Pogodziłem się z tym, że wciąż słyszałem obelgi, celnie rzucane w plecy odmieńca. Ścigały mnie one na boisku szkolnym, w korytarzu i w ubikacji, gdzie z nerwów biegałem na każdej przerwie.

– A wy w tej Polsce to macie papier toaletowy, czy podcieracie się palcem?

– Oczywiście, że palcem. Tak samo jak wy. – Moje obelgi nie miały jednak takiej siły rażenia jak ich.

Zamykałem się w kabinie, ale i tam nie dawali mi spokoju. Ich zniewagi grzęzły we wrzasku, odgłosach pierdzenia, bekania, charkania, odpluwania flegmą. Łuki szczyn tryskały po posadzce, tworzyły ruchome jeziora i pełzły ku mnie od drzwi i z obu sąsiednich kabin. Czułem, jak razem ze smrodem kałuż napiera na mnie ich nienawiść i pogarda. Nie umiałem się bronić przed chamstwem, równie niepojętym jak inwazja latających spodków albo cyberprzemoc w sieci. Chamstwo nie miało twarzy. To nie był ani rudy Joe, któremu twarz płonęła z podniecenia nie mniej niż włosy. Ani Kevin ze stężałą na twarzy obelżywą ironią, jakby nosił na stałe żelazną maskę i skrywał pod nią trąd niepewności. Ani atakujący wzgardliwym śmiechem Andy, który niczym dobrze wyszkolony snajper starannie wybierał cel i bez litości atakował seriami zabójczego śmiechu. Nie widziałem ich oddzielnie. To była bezcielesna siła, sadystyczna magma, materia obdarzona przeświadczeniem, że to ona jest pępkiem świata, jego początkiem i końcem. Ona decyduje, kto przyjaciel, a kto wróg. Kto na topie, a kto out of fashion. Ona wyznacza ofiary wedle swego widzimisię. Nie umiałem z tym „czymś” walczyć.

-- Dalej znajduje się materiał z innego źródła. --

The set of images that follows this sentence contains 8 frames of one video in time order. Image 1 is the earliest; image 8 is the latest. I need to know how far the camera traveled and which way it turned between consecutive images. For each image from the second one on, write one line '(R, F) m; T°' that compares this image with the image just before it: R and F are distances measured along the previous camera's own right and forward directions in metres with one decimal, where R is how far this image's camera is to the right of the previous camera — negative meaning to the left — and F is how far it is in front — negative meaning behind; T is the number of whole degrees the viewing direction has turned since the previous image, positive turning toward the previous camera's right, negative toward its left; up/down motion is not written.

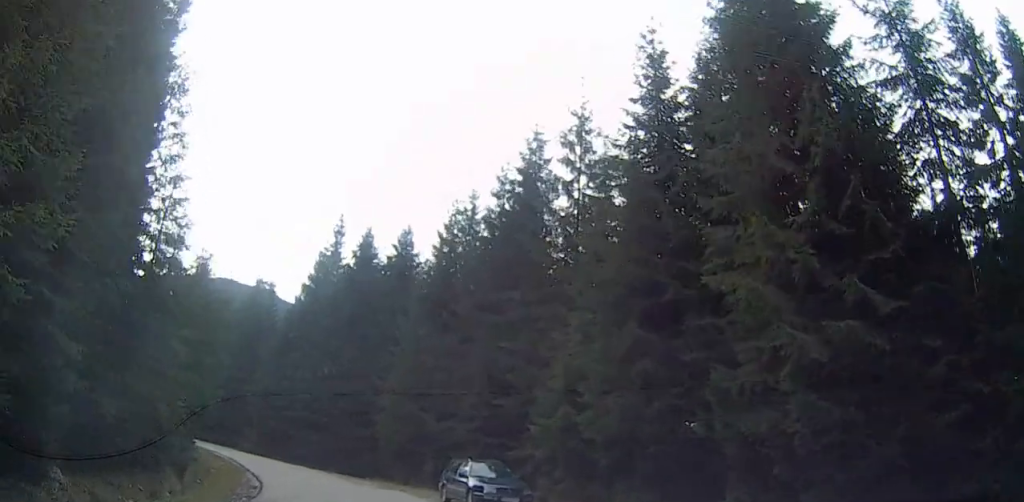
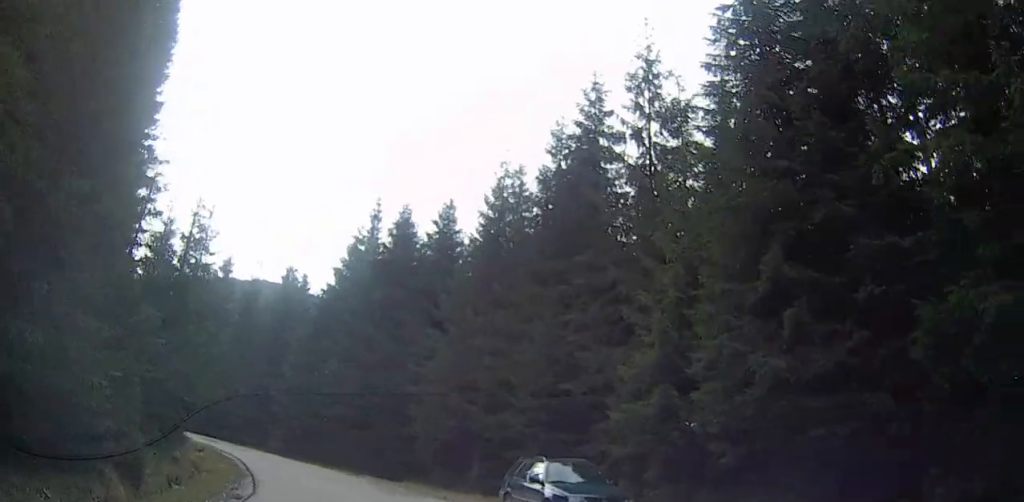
(-0.3, +5.5) m; -1°
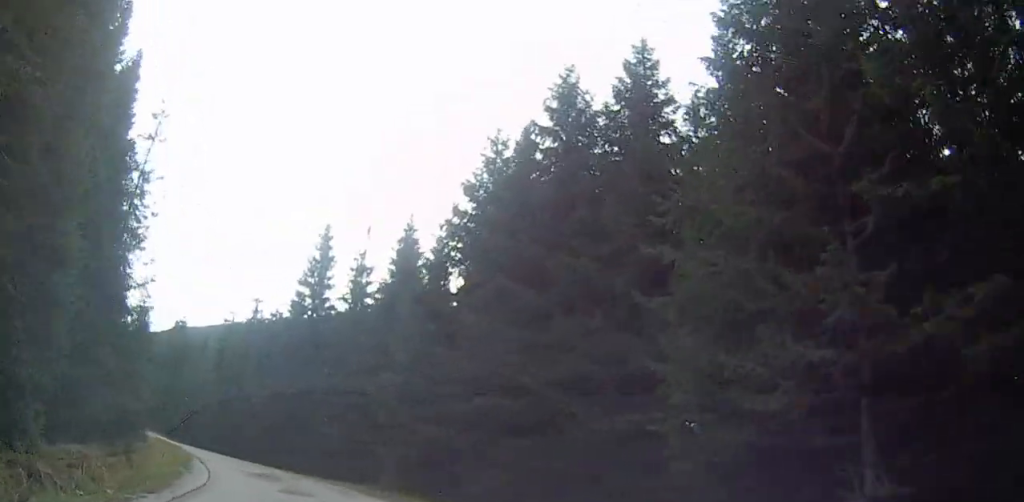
(-0.9, +18.9) m; -10°
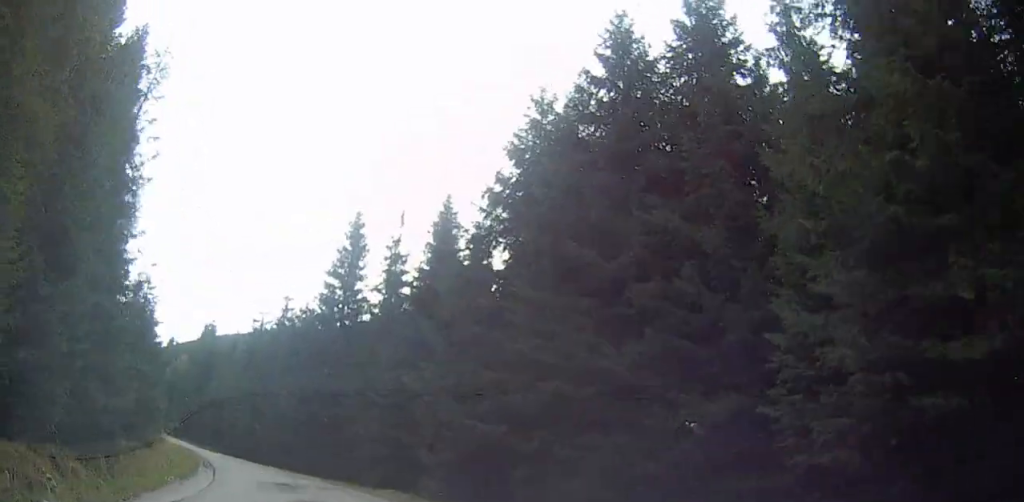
(0.0, +3.7) m; -2°
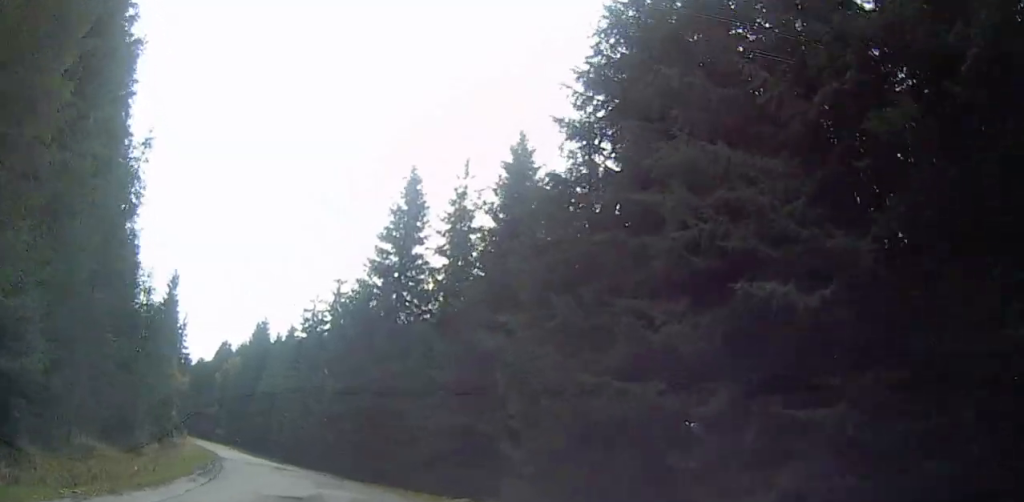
(-0.2, +7.7) m; -6°
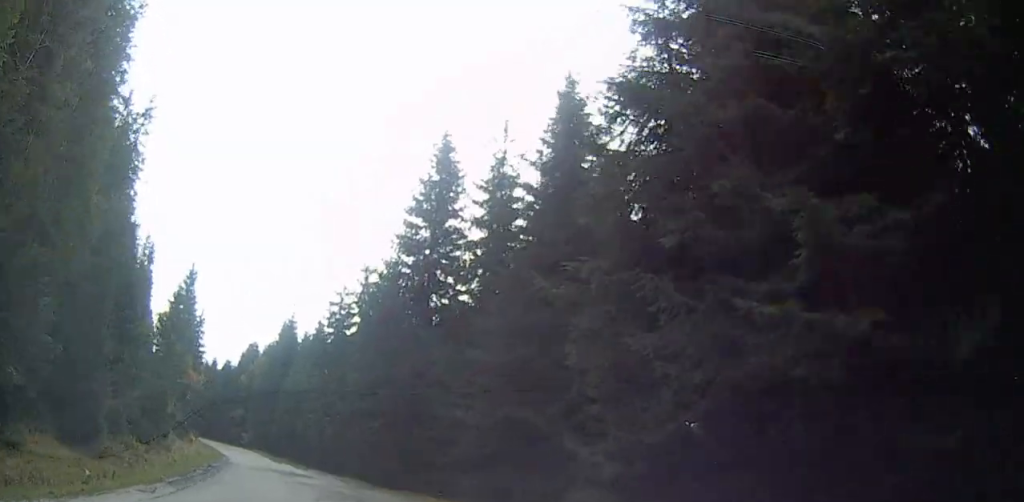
(-0.1, +4.8) m; -6°
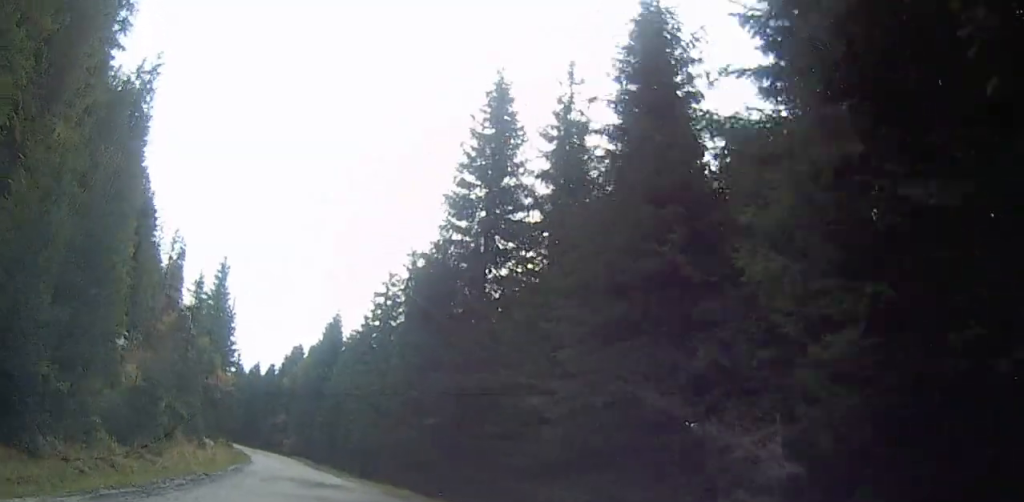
(-0.4, +5.7) m; -5°
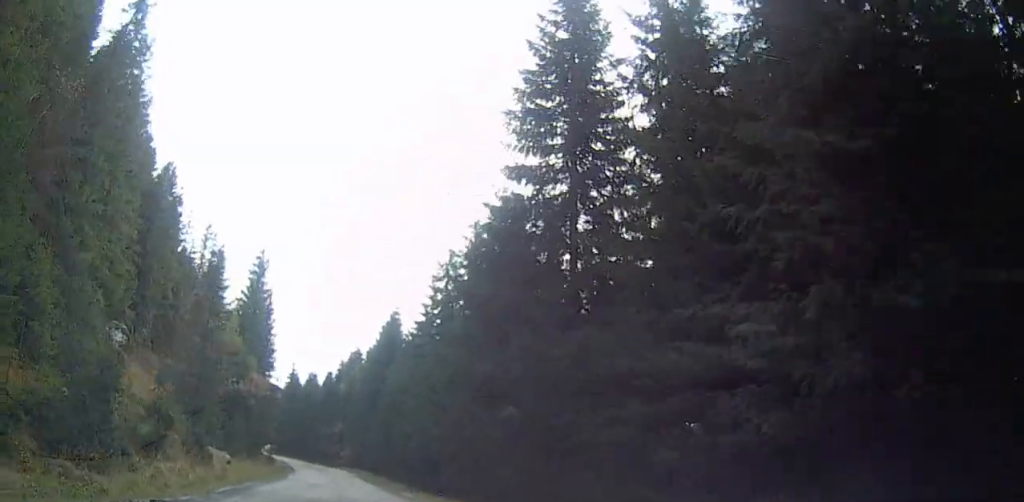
(-0.7, +7.7) m; -5°
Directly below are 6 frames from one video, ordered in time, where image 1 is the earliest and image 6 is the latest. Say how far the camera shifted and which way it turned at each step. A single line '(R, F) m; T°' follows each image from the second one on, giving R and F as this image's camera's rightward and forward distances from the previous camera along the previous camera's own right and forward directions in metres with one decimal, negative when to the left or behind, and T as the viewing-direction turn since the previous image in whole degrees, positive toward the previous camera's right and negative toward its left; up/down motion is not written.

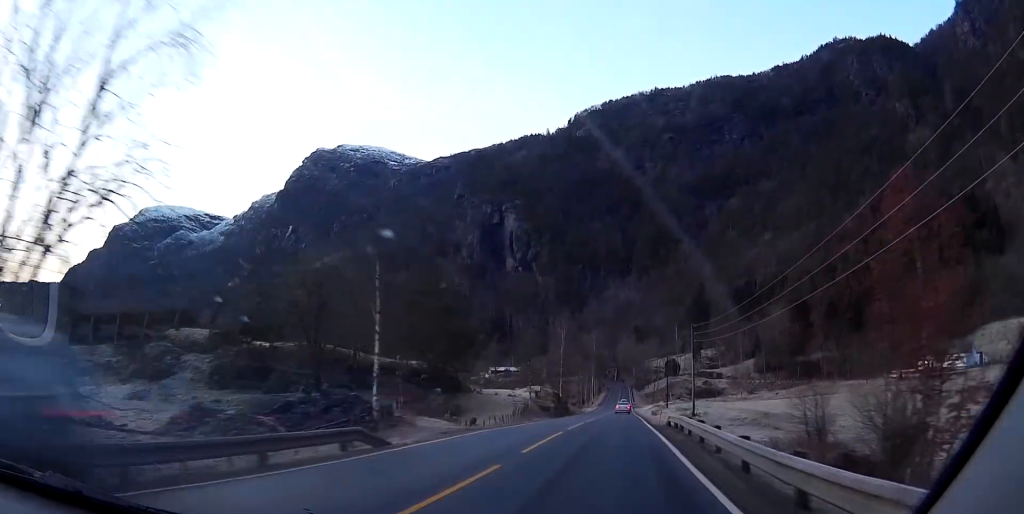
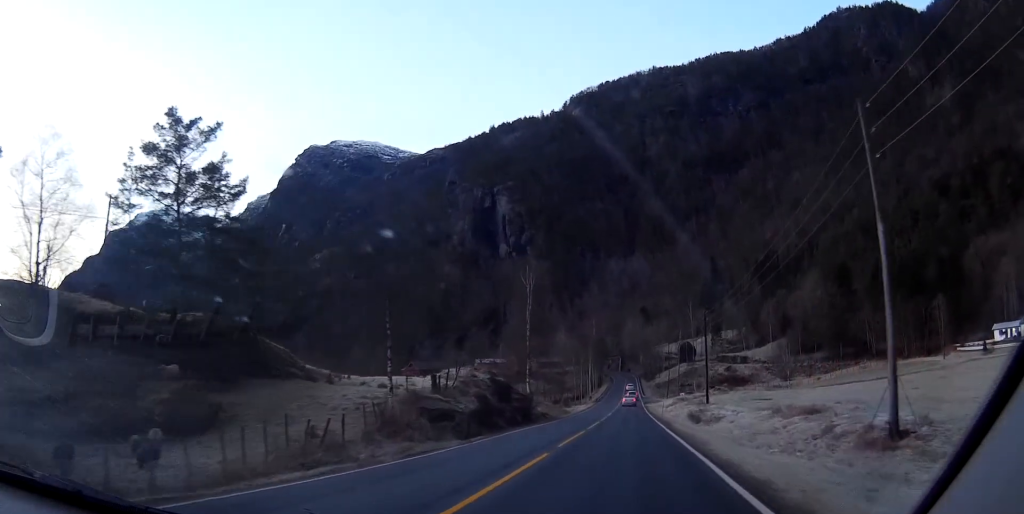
(0.0, +44.5) m; +1°
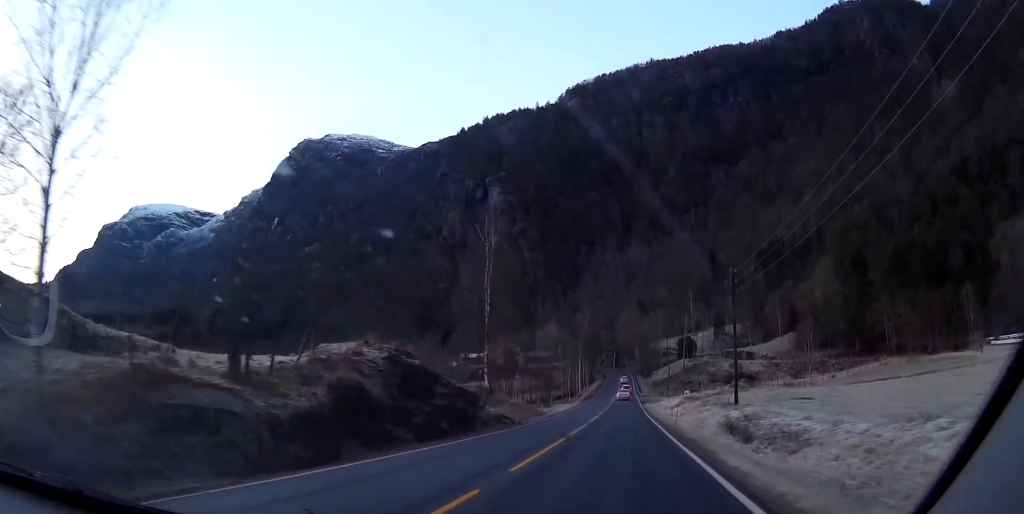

Klasa śmierdziała kolektywnie i kreatywnie. Odorem przeobrażających się ciał i zapachami wszystkich wód kolońskich świata. Przemianie chłopców w mężczyzn towarzyszyły zabójczy smród i nieznośne dla ucha dźwięki. Ale ponieważ nie miałem ucha, to znaczy małżowiny, bo urodziłem się z tym defektem, to być może z tego powodu bardziej byłem wrażliwy na zapachy niż na dźwięki. Toteż mniej mnie drażniła zgrzytliwość brzmień mutacji, kogucie pianie, falset, kontratenor, dyszkant, trefny sopran, oszukańczy bas oraz koloraturowe pierdnięcia. Natomiast z nóg mnie ścinały mordercze odory, jakimi zionęli moi koledzy z klasy. Cuchnęli zbiorowo, natrętnie i permanentnie mieszaniną ropy z ran i gnojówki, z akordami gnijących w wodzie łodyg, z nutą brudnych skarpet oraz musującą głębią bąków z trzydziestu paru tyłków. Produkty uboczne dojrzewania niedoszli mężczyźni próbowali zagłuszać perfumami Paco Rabanne, Yves Saint Laurenta, Versacego, Beckhama czy Armaniego.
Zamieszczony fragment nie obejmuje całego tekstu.